• Material shown:
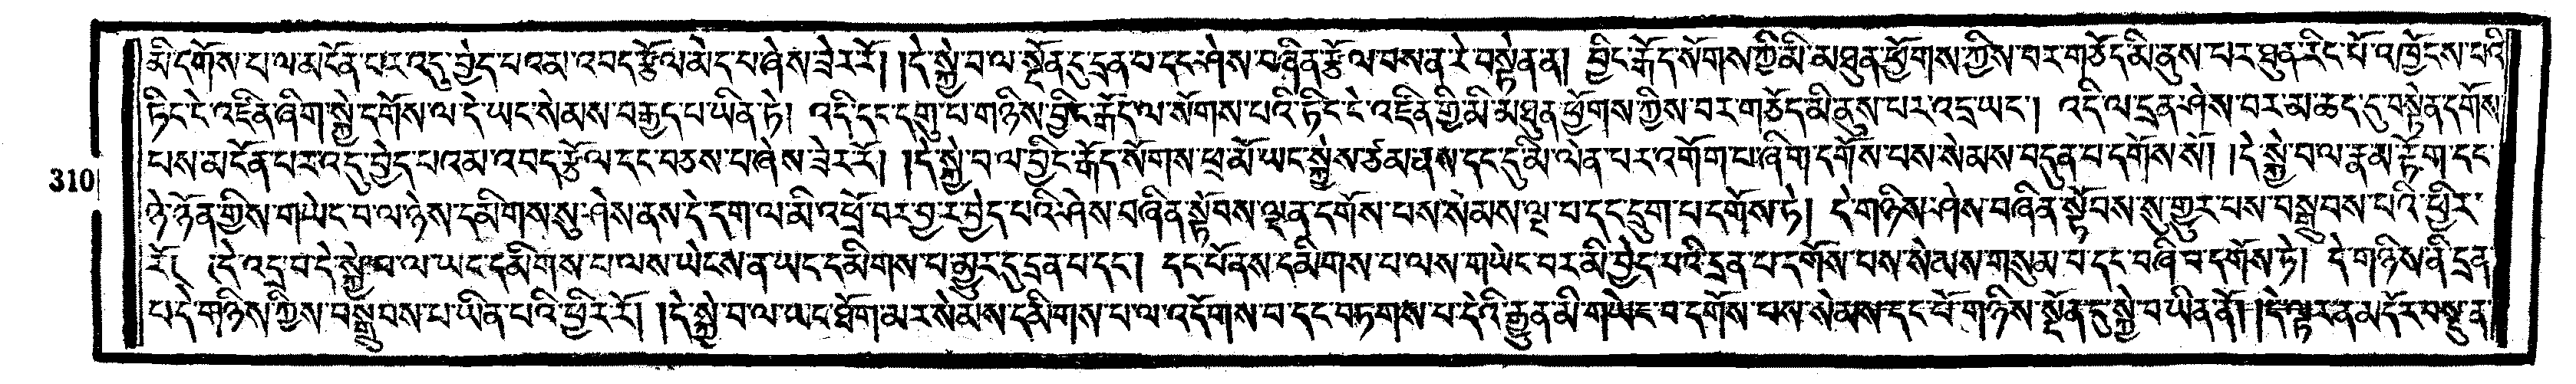མི་དགོས་པ་ལ་མངོན་པར་འདུ་བྱེད་པའམ་འབད་རྩོལ་མེད་པ་ཞེས་ཟེར་རོ། །དེ་སྐྱེ་བ་ལ་སྔོན་དུ་དྲན་པ་དང་ཤེས་བཞིན་རྩོལ་བས་ན་རེ་བསྟེན་ན། བྱིང་རྒོད་སོགས་ཀྱི་མི་མཐུན་ཕྱོགས་ཀྱིས་བར་གཅོད་མི་ནུས་པར་ཐུན་རིང་པོ་འཁྱོངས་པའི་
ཏིང་ངེ་འཛིན་ཞིག་སྐྱེ་དགོས་ལ་དེ་ཡང་སེམས་བརྒྱད་པ་ཡིན་ཏེ། འདི་དང་དགུ་པ་གཉིས་བྱིང་རྒོད་ལ་སོགས་པའི་ཏིང་ངེ་འཛིན་གྱི་མི་མཐུན་ཕྱོགས་ཀྱིས་བར་གཅོད་མི་ནུས་པར་འདྲ་ཡང་། འདི་ལ་དྲན་ཤེས་བར་མ་ཆད་དུ་བསྟེན་དགོས་
པས་མངོན་པར་འདུ་བྱེད་པའམ་འབད་རྩོལ་དང་བཅས་པ་ཞེས་ཟེར་རོ། །དེ་སྐྱེ་བ་ལ་བྱིང་རྒོད་སོགས་ཕྲ་མོ་ཡང་སྐྱེས་ཙམ་ནས་དང་དུ་མི་ལེན་པར་འགོག་པ་ཞིག་དགོས་པས་སེམས་བདུན་པ་དགོས་སོ། །དེ་སྐྱེ་བ་ལ་རྣམ་རྟོག་དང་
ཉེ་ཉོན་གྱིས་གཡེང་བ་ལ་ཉེས་དམིགས་སུ་ཤེས་ནས་དེ་དག་ལ་མི་འཕྲོ་བར་བྱ་ར་བྱེད་པའི་ཤེས་བཞིན་སྟོབས་ལྡན་དགོས་པས་སེམས་ལྔ་པ་དང་དྲུག་པ་དགོས་ཏེ། དེ་གཉིས་ཤེས་བཞིན་སྟོབས་སུ་གྱུར་པས་བསྒྲུབས་པའི་ཕྱིར་
རོ༑ ༑དེ་འདྲ་བ་དེ་སྐྱེ་བ་ལ་ཡང་དམིགས་པ་ལས་ཡེངས་ན་ཡང་དམིགས་པ་མྱུར་དུ་དྲན་པ་དང་། དང་པོ་ནས་དམིགས་པ་ལས་གཡེང་བར་མི་བྱེད་པའི་དྲན་པ་དགོས་པས་སེམས་གསུམ་པ་དང་བཞི་བ་དགོས་ཏེ། དེ་གཉིས་ནི་དྲན་
པ་དེ་གཉིས་ཀྱིས་བསྒྲུབས་པ་ཡིན་པའི་ཕྱིར་རོ། །དེ་སྐྱེ་བ་ལ་ཡང་ཐོག་མར་སེམས་དམིགས་པ་ལ་འདོགས་པ་དང་བཏགས་པ་དེའི་རྒྱུན་མི་གཡེང་བ་དགོས་པས་སེམས་དང་པོ་གཉིས་སྔོན་དུ་སྐྱེ་བ་ཡིན་ནོ། །དེ་ལྟར་ན་མདོར་བསྡུ་ན་

• Problem statement: If a picture appears in the data, omit it; transcribe all the rest exactly.

• Answer section:
མི་དགོས་པ་ལ་མངོན་པར་འདུ་བྱེད་པའམ་འབད་རྩོལ་མེད་པ་ཞེས་ཟེར་རོ། །དེ་སྐྱེ་བ་ལ་སྔོན་དུ་དྲན་པ་དང་ཤེས་བཞིན་རྩོལ་བས་ན་རེ་བསྟེན་ན། བྱིང་རྒོད་སོགས་ཀྱི་མི་མཐུན་ཕྱོགས་ཀྱིས་བར་གཅོད་མི་ནུས་པར་ཐུན་རིང་པོ་འཁྱོངས་པའི་
ཏིང་ངེ་འཛིན་ཞིག་སྐྱེ་དགོས་ལ་དེ་ཡང་སེམས་བརྒྱད་པ་ཡིན་ཏེ། འདི་དང་དགུ་པ་གཉིས་བྱིང་རྒོད་ལ་སོགས་པའི་ཏིང་ངེ་འཛིན་གྱི་མི་མཐུན་ཕྱོགས་ཀྱིས་བར་གཅོད་མི་ནུས་པར་འདྲ་ཡང་། འདི་ལ་དྲན་ཤེས་བར་མ་ཆད་དུ་བསྟེན་དགོས་
པས་མངོན་པར་འདུ་བྱེད་པའམ་འབད་རྩོལ་དང་བཅས་པ་ཞེས་ཟེར་རོ། །དེ་སྐྱེ་བ་ལ་བྱིང་རྒོད་སོགས་ཕྲ་མོ་ཡང་སྐྱེས་ཙམ་ནས་དང་དུ་མི་ལེན་པར་འགོག་པ་ཞིག་དགོས་པས་སེམས་བདུན་པ་དགོས་སོ། །དེ་སྐྱེ་བ་ལ་རྣམ་རྟོག་དང་
ཉེ་ཉོན་གྱིས་གཡེང་བ་ལ་ཉེས་དམིགས་སུ་ཤེས་ནས་དེ་དག་ལ་མི་འཕྲོ་བར་བྱ་ར་བྱེད་པའི་ཤེས་བཞིན་སྟོབས་ལྡན་དགོས་པས་སེམས་ལྔ་པ་དང་དྲུག་པ་དགོས་ཏེ། དེ་གཉིས་ཤེས་བཞིན་སྟོབས་སུ་གྱུར་པས་བསྒྲུབས་པའི་ཕྱིར་
རོ༑ ༑དེ་འདྲ་བ་དེ་སྐྱེ་བ་ལ་ཡང་དམིགས་པ་ལས་ཡེངས་ན་ཡང་དམིགས་པ་མྱུར་དུ་དྲན་པ་དང་། དང་པོ་ནས་དམིགས་པ་ལས་གཡེང་བར་མི་བྱེད་པའི་དྲན་པ་དགོས་པས་སེམས་གསུམ་པ་དང་བཞི་བ་དགོས་ཏེ། དེ་གཉིས་ནི་དྲན་
པ་དེ་གཉིས་ཀྱིས་བསྒྲུབས་པ་ཡིན་པའི་ཕྱིར་རོ། །དེ་སྐྱེ་བ་ལ་ཡང་ཐོག་མར་སེམས་དམིགས་པ་ལ་འདོགས་པ་དང་བཏགས་པ་དེའི་རྒྱུན་མི་གཡེང་བ་དགོས་པས་སེམས་དང་པོ་གཉིས་སྔོན་དུ་སྐྱེ་བ་ཡིན་ནོ། །དེ་ལྟར་ན་མདོར་བསྡུ་ན་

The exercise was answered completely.